HSC's platform achieved real-time surveillance of patients on ventilation support and reduced the number of ventilator alarms by an estimated 80%, helping achieve compliance with The Joint Commission National Patient Safety Goals on alarm management. Clinical alarm management also helped HSC with quality and reporting data. Before implementing the platform, HSC was dependent on individual recollections from the clinical responders after an alarm incident. Today, HSC has a clearer picture of every event. HSC can use the data provided by its platform to sort out the story behind any incident, increasing accuracy on occurrence reporting and resolution. Moreover, the data collected are used by the performance management audit committee, which monitors ventilator management performance and helps identify potential areas of need.

"Alarm management is already a fundamental part of what we do," said Connie Dills, MBA, RRT, RPFT, respiratory practice manager for HSC. "It's made a big difference in our staff's efficiency and effectiveness, and has reduced stress for our patients and their families."

Lessons Learned

Alarm management is constantly changing. It must evolve with the needs of the hospital's patients and clinical staff. The nursing leadership and staff at Wesley continue to make adjustments to the alarm management process and configuration. "Alarm parameters should be part of our nurses' practice, and setting actionable alarms will increase their ability to care for patients," said Free. "Alarm management—and the parameters—have to be based on an individualized approach to your patient. Attention to this process have given us ownership."

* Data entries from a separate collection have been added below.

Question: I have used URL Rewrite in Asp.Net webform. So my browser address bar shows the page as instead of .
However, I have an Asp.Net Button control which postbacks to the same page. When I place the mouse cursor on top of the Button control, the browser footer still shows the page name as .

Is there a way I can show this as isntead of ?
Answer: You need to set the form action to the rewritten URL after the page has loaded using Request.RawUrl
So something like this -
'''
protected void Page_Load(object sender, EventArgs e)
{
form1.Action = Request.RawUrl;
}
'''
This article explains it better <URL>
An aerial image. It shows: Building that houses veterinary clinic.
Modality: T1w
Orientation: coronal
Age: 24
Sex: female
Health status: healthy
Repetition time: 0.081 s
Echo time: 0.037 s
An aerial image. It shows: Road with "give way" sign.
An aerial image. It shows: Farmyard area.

Wesley is also looking at how it can use alarm data for predictive analytics, collecting physiologic data from multiple devices to create a holistic picture of a patient's condition. For example, taken individually, a slight drop in heart rate, a gradual rise in end tidal CO₂, or a slight reduction in respiratory rate may not indicate anything critical in a patient's condition. However, data aggregated from those individual parameters could provide the caregiver with a more accurate, predictive picture of the patient's condition—in this case, an emerging risk for respiratory depression.

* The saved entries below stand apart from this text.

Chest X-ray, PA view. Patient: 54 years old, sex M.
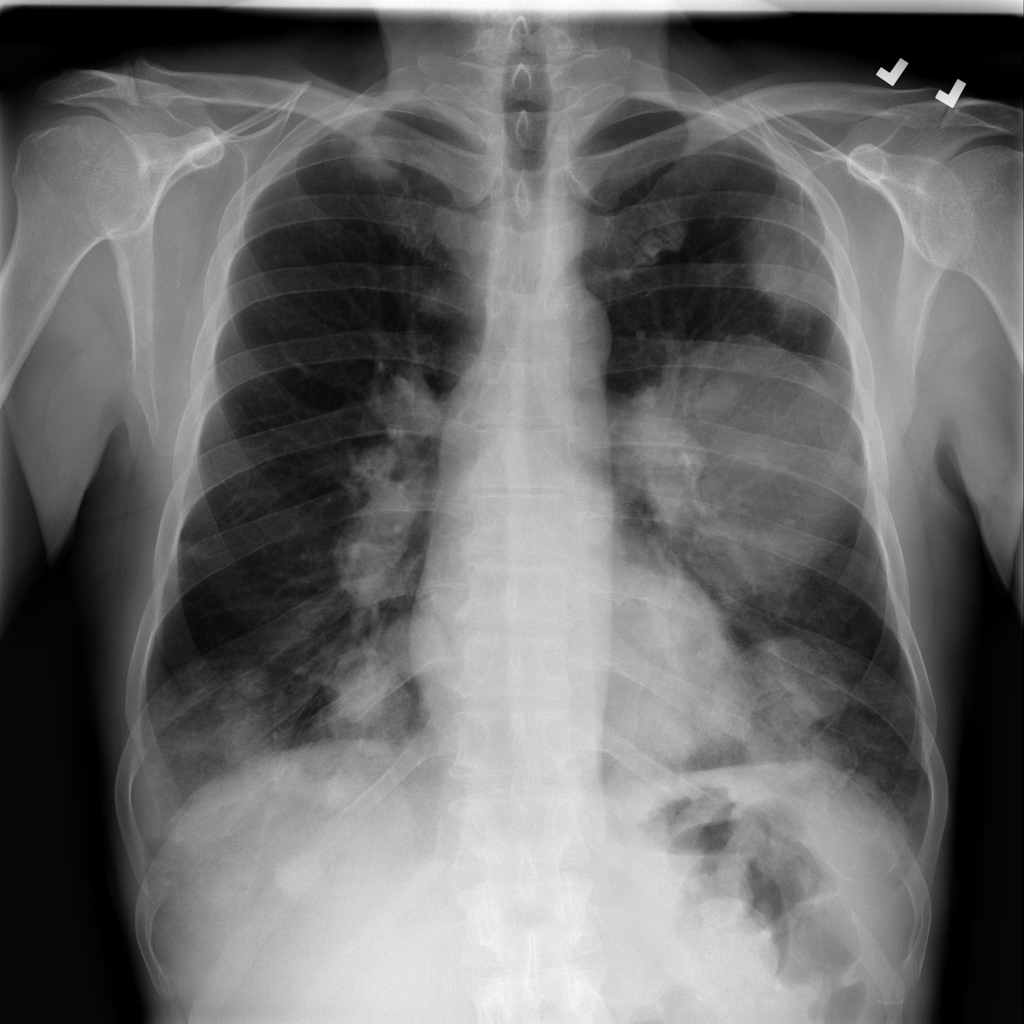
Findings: Mass

Addressing clinical alarm hazards in all their forms requires a comprehensive approach, free of the well-known departmental and data silos that hinder patient care and optimal clinical workflows. Technology certainly plays a critical role in alarm reduction and prioritization, but alarm management is a classic example of interdisciplinary leadership, involving clinical, IT, biomedical engineering, and other departments.

References

1. ECRI Institute. Top 10 Technology Hazard for 2016. November 2015. https://www.ecri.org/press/Pages/Dirty_Endoscopes_Top_ECRI_Institutes_2016_Technology_Hazards_List.aspx Accessed January 7, 2016.
2. The Joint Commission. The Joint Commission announces 2014 National Patient Safety Goal. http://www.jointcommission.org/assets/1/18/jcp0713_announce_new_nspg.pdf Accessed January 7, 2016.
3. Wesley Medical Center. Beyond Alarm Management. Bernoulli. October 2015. www.cardiopulmonarycorp.com/wp-content/uploads/2015/10/Bernoulli-Wesley-Case-Study-AM-01-vA-10-15.pdf Accessed January 7, 2016.
4. Zaleski JR. Alarm fatigue? What a nuisance! [Blog post]. October 4, 2014. www.medicinfotech.com/2014/10/mathematical-techniques-mitigating-alarm-fatigue Accessed January 7, 2016.
5. Wong M, Mabuyi A, Gonzalez B. First National Survey of Patient-Controlled Analgesia Practices. March-April 2013. A Promise to Amanda Foundation and the Physician-Patient Alliance for Health & Safety. http://www.premiersafetyinstitute.org/wp-content/uploads/PPAHS-national-survey-patient-controlled-analgesia.pdf Accessed January 7, 2016.
6. Hospital for Special Care. Achieving Clinical Clarity from Ventilator Overload. Bernoulli. October 2015. www.cardiopulmonarycorp.com/wp-content/uploads/2015/10/Bernoulli-HSC-Case-Study-LT-01-vA-10-15.pdf Accessed January 7, 2016.